» **WHAT TO WORK ON**:
Repeat precisely the span of lines below that opens with the line containing "است که به‌صورت" and closes with the line containing "Mətbuatdakı yazılar həm", both included.

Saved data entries

╔══

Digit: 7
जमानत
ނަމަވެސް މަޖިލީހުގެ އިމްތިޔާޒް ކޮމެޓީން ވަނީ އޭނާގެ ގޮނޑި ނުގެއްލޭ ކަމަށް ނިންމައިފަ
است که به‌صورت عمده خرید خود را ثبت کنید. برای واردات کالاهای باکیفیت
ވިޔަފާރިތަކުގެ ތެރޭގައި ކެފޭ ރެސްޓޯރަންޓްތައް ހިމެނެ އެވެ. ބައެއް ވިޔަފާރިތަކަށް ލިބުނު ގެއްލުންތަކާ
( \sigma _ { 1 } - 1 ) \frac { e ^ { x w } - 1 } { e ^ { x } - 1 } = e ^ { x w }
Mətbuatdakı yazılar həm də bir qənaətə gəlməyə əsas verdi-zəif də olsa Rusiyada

╚══
╔══

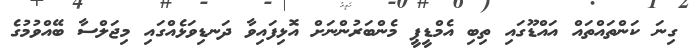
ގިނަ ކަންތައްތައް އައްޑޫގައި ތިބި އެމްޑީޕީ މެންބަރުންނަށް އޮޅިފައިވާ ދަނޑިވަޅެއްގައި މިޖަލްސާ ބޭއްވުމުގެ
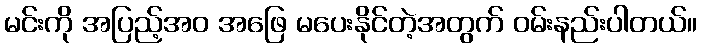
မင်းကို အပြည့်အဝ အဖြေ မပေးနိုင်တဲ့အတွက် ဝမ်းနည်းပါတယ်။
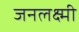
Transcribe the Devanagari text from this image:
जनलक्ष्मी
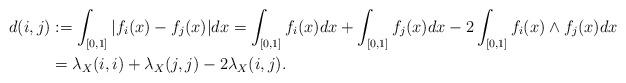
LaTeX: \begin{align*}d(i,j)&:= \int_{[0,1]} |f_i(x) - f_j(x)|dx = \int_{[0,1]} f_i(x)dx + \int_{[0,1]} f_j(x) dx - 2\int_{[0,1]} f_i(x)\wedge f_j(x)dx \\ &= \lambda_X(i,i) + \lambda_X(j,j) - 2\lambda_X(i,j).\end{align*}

╚══

» **YOUR RESPONSE**:
است که به‌صورت عمده خرید خود را ثبت کنید. برای واردات کالاهای باکیفیت
ވިޔަފާރިތަކުގެ ތެރޭގައި ކެފޭ ރެސްޓޯރަންޓްތައް ހިމެނެ އެވެ. ބައެއް ވިޔަފާރިތަކަށް ލިބުނު ގެއްލުންތަކާ
( \sigma _ { 1 } - 1 ) \frac { e ^ { x w } - 1 } { e ^ { x } - 1 } = e ^ { x w }
Mətbuatdakı yazılar həm də bir qənaətə gəlməyə əsas verdi-zəif də olsa Rusiyada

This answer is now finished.